Currently accepting payment via branded gift card (with various respective conditions and restrictions attached, obviously) is a plethora of porn sites, each one guaranteed great (or at least very good) by Mr. Pink’s expertly-crafted porn reviews. Ranging from extreme kink to celebrity sex tapes and the big guns of mainstream porn, these sites all offer a way for you to not only buy porn without spending any actual money of your own but to also placate the gifter who asks if you found a use for the $25 Target card they obligingly tossed your way last Christmas. Each site is here listed with one example payment exchange and how much porn access it’ll net you. Please be sure to check details at each site before proceeding with payment.
Video vendor supreme, Videobox, not only offers one of the best porno deals around, but it now accepts gift cards in lieu of well-concealed cash, an altogether safer option. How does 50 days of membership for your $25 Outback Steakhouse gift card sound? Better than a bloomin’ onion, that’s for sure.
At Naughty America, you can buy access at roughly $1-a-day, with a $15 Starbucks card netting you 16 days with MILFs, teens, and Virtual Reality smut. (Although a leader in gift card porn payment processing, Naughty America only allows re-gifting members to stream, not download.)
Denys Defrancesco’s acclaimed Euro-porn empire, DDF Network, will eagerly take your $42 Target gift card and hand over 27 days inside one of Europe’s largest and most impressive adult networks. Consider it a gift to you from Denys himself. Or vice versa.
Chaotic and colorful and loaded with more teenage and mature-aged pussy than your average Cat Fanciers’ Association Show, Reality Kings holds up its roster of 44 websites and, yep, takes gift cards for access. Hell, if you’ve got $200 for Best Buy, you can turn that into more than two years as a Reality King!
Mofos, “the motherfuckers of porn” with eleven sites to their credit, will take your $25 of Applebee’s fun bucks and turn them into 16 days of pornographic wonderment. Mofos recently cut downloads, though, so like Naughty America it’s streaming-only.
Spizoo’s ‘World Class Entertainment’ can be enjoyed for roughly $7.50-a-week, taking your Walmart-branded $25 and giving you 30 days of access to such sites as Drain My Balls, Intimate Lesbians, and The Stripper Experience.
One of the biggest names in adult entertainment, Hustler, also invites you to spend your unwanted gift cards at its online porn emporium. A $15 card will score you two weeks of Hustler access so you can learn the art of being a Larry Flynt-style badass supreme.
Vivid’s porn parodies, celebrity sex tapes, and blockbuster hardcore features can be enjoyed en masse, your $40 Cheesecake Factory gluttony-pass scoring you two months of access. Twistys, another porno purveyor that bridges tasteful erotica with deeply intimate bonking, will, in turn, trade you 45 days of access for a $50 Target card, which sure beats buying new linens.
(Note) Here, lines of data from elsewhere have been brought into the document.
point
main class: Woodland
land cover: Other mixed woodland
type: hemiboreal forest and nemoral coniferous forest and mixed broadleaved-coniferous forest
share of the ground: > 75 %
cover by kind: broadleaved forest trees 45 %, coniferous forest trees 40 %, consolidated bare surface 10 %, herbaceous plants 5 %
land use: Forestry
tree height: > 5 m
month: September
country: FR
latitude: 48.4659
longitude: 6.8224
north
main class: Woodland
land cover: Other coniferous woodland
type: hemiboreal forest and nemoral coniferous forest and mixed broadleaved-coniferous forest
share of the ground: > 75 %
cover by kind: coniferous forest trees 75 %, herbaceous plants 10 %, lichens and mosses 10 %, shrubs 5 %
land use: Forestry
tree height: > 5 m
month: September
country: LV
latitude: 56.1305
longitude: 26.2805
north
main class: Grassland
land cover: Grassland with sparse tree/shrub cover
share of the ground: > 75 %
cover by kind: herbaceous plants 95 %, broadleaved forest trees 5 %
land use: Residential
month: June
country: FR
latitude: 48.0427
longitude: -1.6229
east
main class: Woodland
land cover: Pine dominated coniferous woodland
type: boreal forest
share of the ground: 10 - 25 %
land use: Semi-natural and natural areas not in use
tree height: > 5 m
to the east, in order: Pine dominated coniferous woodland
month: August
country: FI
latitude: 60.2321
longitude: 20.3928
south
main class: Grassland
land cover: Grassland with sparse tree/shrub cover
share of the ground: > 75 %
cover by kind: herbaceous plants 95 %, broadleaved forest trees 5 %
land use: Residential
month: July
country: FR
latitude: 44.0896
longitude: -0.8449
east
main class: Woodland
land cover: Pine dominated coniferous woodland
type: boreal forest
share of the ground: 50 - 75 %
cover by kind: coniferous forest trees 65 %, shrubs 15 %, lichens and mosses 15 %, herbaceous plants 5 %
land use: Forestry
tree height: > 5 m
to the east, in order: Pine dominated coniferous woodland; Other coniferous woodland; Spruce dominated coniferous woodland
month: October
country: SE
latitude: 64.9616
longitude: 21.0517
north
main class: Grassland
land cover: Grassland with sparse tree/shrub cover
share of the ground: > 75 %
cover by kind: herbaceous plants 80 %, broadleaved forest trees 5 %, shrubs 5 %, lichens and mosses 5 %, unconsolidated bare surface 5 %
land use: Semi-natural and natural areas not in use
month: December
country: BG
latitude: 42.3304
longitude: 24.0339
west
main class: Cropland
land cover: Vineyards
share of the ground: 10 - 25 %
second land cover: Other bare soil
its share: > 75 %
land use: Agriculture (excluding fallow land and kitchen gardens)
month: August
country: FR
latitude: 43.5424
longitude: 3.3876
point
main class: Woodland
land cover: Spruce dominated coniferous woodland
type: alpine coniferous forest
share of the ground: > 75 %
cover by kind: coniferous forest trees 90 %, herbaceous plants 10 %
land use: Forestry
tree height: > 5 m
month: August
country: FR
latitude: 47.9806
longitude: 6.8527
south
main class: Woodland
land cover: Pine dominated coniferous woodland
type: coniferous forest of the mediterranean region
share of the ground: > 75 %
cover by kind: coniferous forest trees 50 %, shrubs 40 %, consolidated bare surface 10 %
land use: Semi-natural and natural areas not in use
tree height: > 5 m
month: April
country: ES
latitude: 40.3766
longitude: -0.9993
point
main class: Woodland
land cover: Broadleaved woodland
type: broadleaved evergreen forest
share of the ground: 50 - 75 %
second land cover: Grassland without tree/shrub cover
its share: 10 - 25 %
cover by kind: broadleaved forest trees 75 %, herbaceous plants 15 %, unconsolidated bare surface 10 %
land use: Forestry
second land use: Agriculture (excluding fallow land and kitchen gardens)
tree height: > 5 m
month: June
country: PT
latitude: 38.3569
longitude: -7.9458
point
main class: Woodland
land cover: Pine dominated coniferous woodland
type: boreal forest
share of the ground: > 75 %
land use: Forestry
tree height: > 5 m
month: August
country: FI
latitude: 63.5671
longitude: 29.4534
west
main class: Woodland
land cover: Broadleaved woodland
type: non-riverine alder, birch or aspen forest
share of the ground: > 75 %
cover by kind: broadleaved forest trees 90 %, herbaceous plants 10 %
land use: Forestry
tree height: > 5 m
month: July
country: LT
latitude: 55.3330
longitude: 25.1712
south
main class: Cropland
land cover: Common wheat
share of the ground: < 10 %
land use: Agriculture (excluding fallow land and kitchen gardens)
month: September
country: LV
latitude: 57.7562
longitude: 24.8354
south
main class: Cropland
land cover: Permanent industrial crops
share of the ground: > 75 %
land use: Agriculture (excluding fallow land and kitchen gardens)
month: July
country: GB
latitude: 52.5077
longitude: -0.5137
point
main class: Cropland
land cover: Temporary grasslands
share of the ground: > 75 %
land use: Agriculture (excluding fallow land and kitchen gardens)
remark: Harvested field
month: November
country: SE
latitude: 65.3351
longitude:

Sexually Broken, Infernal Restraints, and Hard Tied might not fit in with the other gift-card-accepting adult sites, but accept gift cards is exactly these masterful kink producers do, giving new members the chance to sample the normally expensive sites for 6 days in exchange for a $15 gift card. It’s not the most value-heavy deal here, no, but you’d be buying the hardest of hardcore BDSM porn with a fucking American Eagle Outfitters gift card. If that doesn’t make the transaction a supremely memorable one, what will?
So, while you endeavor to turn gift cards into sexual gratification this holiday season – and as you keep a close eye on Mr. Pink’s for any further vendor announcements – keep your cock happy, your hands busy, and your conscience clean. Convert your unwanted gift cards into cold hard porno-buyin’ credit or, if none of your favorite sites are yet accepting gift cards, throw them in a buddy’s direction with a noted recommendation attached. Make like Haley Joel Osment and pay the fucking forward!